▸ **INFORMATION GIVEN**:

########################################

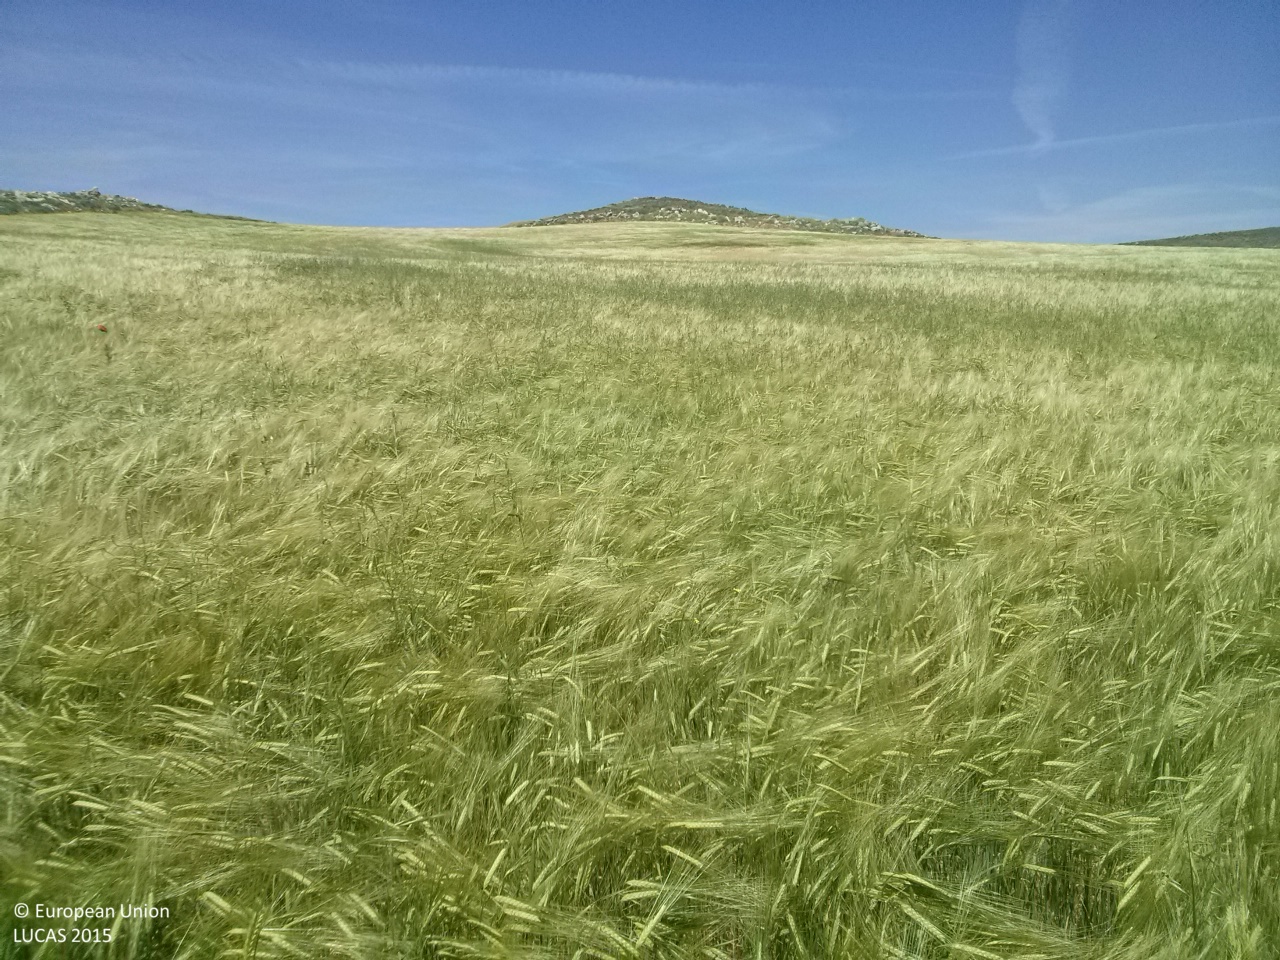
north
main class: Cropland
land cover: Barley
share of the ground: > 75 %
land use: Agriculture (excluding fallow land and kitchen gardens)
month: May
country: ES
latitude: 40.0075
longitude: -2.6837

########################################

▸ **EXERCISE BRIEF**: The required output is each line from the one with "main class: Cropland" through the end of the material above, repeated exactly with both ends included.

▸ **SOLUTION**:
main class: Cropland
land cover: Barley
share of the ground: > 75 %
land use: Agriculture (excluding fallow land and kitchen gardens)
month: May
country: ES
latitude: 40.0075
longitude: -2.6837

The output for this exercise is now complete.